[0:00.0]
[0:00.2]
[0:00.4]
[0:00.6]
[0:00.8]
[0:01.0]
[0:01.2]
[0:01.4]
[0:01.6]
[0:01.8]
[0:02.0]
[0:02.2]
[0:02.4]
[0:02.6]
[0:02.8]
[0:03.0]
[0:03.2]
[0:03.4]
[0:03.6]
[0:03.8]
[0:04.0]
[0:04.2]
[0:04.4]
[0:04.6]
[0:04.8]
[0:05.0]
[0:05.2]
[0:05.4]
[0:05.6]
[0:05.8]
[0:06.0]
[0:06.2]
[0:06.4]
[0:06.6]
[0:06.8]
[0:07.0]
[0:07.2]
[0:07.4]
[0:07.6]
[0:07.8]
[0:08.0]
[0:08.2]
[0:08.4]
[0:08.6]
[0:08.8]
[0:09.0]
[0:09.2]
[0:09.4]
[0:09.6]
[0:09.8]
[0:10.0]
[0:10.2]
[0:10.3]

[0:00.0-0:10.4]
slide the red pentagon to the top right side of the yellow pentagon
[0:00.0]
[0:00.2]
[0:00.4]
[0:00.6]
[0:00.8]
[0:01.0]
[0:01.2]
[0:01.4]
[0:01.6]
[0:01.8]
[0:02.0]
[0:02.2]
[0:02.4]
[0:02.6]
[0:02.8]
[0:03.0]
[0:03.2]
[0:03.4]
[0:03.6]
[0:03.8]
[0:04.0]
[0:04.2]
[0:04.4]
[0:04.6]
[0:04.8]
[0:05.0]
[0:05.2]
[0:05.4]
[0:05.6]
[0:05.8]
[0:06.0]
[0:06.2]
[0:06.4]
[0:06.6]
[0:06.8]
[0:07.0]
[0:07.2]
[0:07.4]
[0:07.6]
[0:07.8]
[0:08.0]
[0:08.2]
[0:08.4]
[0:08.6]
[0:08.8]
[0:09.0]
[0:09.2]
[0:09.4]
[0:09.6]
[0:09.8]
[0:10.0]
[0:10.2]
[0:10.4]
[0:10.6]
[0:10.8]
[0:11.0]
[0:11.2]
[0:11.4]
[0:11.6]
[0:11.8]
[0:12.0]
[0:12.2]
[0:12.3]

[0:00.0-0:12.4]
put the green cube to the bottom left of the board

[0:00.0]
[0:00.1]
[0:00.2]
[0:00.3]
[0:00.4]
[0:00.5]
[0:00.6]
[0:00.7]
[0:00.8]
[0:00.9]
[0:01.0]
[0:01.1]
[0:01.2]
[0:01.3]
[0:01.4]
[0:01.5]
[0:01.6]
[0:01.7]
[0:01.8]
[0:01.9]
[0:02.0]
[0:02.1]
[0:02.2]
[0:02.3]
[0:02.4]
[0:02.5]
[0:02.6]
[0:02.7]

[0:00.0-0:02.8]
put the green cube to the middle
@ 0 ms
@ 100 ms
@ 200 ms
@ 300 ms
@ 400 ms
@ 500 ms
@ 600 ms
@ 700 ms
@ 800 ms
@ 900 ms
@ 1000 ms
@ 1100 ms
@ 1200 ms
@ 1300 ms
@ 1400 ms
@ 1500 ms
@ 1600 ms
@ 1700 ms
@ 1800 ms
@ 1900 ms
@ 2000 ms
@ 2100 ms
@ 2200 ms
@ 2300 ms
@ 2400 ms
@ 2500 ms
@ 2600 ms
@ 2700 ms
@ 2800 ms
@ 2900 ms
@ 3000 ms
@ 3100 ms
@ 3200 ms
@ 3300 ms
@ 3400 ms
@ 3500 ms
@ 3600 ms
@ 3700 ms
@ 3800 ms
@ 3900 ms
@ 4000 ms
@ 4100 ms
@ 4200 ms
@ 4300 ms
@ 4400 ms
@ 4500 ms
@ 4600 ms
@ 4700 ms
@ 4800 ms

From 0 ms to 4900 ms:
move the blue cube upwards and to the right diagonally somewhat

Your objective » Verbatim reproduction of the entries is required.

Finished task »
[0:00.0]
[0:00.2]
[0:00.4]
[0:00.6]
[0:00.8]
[0:01.0]
[0:01.2]
[0:01.4]
[0:01.6]
[0:01.8]
[0:02.0]
[0:02.2]
[0:02.4]
[0:02.6]
[0:02.8]
[0:03.0]
[0:03.2]
[0:03.4]
[0:03.6]
[0:03.8]
[0:04.0]
[0:04.2]
[0:04.4]
[0:04.6]
[0:04.8]
[0:05.0]
[0:05.2]
[0:05.4]
[0:05.6]
[0:05.8]
[0:06.0]
[0:06.2]
[0:06.4]
[0:06.6]
[0:06.8]
[0:07.0]
[0:07.2]
[0:07.4]
[0:07.6]
[0:07.8]
[0:08.0]
[0:08.2]
[0:08.4]
[0:08.6]
[0:08.8]
[0:09.0]
[0:09.2]
[0:09.4]
[0:09.6]
[0:09.8]
[0:10.0]
[0:10.2]
[0:10.3]

[0:00.0-0:10.4]
slide the red pentagon to the top right side of the yellow pentagon
[0:00.0]
[0:00.2]
[0:00.4]
[0:00.6]
[0:00.8]
[0:01.0]
[0:01.2]
[0:01.4]
[0:01.6]
[0:01.8]
[0:02.0]
[0:02.2]
[0:02.4]
[0:02.6]
[0:02.8]
[0:03.0]
[0:03.2]
[0:03.4]
[0:03.6]
[0:03.8]
[0:04.0]
[0:04.2]
[0:04.4]
[0:04.6]
[0:04.8]
[0:05.0]
[0:05.2]
[0:05.4]
[0:05.6]
[0:05.8]
[0:06.0]
[0:06.2]
[0:06.4]
[0:06.6]
[0:06.8]
[0:07.0]
[0:07.2]
[0:07.4]
[0:07.6]
[0:07.8]
[0:08.0]
[0:08.2]
[0:08.4]
[0:08.6]
[0:08.8]
[0:09.0]
[0:09.2]
[0:09.4]
[0:09.6]
[0:09.8]
[0:10.0]
[0:10.2]
[0:10.4]
[0:10.6]
[0:10.8]
[0:11.0]
[0:11.2]
[0:11.4]
[0:11.6]
[0:11.8]
[0:12.0]
[0:12.2]
[0:12.3]

[0:00.0-0:12.4]
put the green cube to the bottom left of the board

[0:00.0]
[0:00.1]
[0:00.2]
[0:00.3]
[0:00.4]
[0:00.5]
[0:00.6]
[0:00.7]
[0:00.8]
[0:00.9]
[0:01.0]
[0:01.1]
[0:01.2]
[0:01.3]
[0:01.4]
[0:01.5]
[0:01.6]
[0:01.7]
[0:01.8]
[0:01.9]
[0:02.0]
[0:02.1]
[0:02.2]
[0:02.3]
[0:02.4]
[0:02.5]
[0:02.6]
[0:02.7]

[0:00.0-0:02.8]
put the green cube to the middle
@ 0 ms
@ 100 ms
@ 200 ms
@ 300 ms
@ 400 ms
@ 500 ms
@ 600 ms
@ 700 ms
@ 800 ms
@ 900 ms
@ 1000 ms
@ 1100 ms
@ 1200 ms
@ 1300 ms
@ 1400 ms
@ 1500 ms
@ 1600 ms
@ 1700 ms
@ 1800 ms
@ 1900 ms
@ 2000 ms
@ 2100 ms
@ 2200 ms
@ 2300 ms
@ 2400 ms
@ 2500 ms
@ 2600 ms
@ 2700 ms
@ 2800 ms
@ 2900 ms
@ 3000 ms
@ 3100 ms
@ 3200 ms
@ 3300 ms
@ 3400 ms
@ 3500 ms
@ 3600 ms
@ 3700 ms
@ 3800 ms
@ 3900 ms
@ 4000 ms
@ 4100 ms
@ 4200 ms
@ 4300 ms
@ 4400 ms
@ 4500 ms
@ 4600 ms
@ 4700 ms
@ 4800 ms

From 0 ms to 4900 ms:
move the blue cube upwards and to the right diagonally somewhat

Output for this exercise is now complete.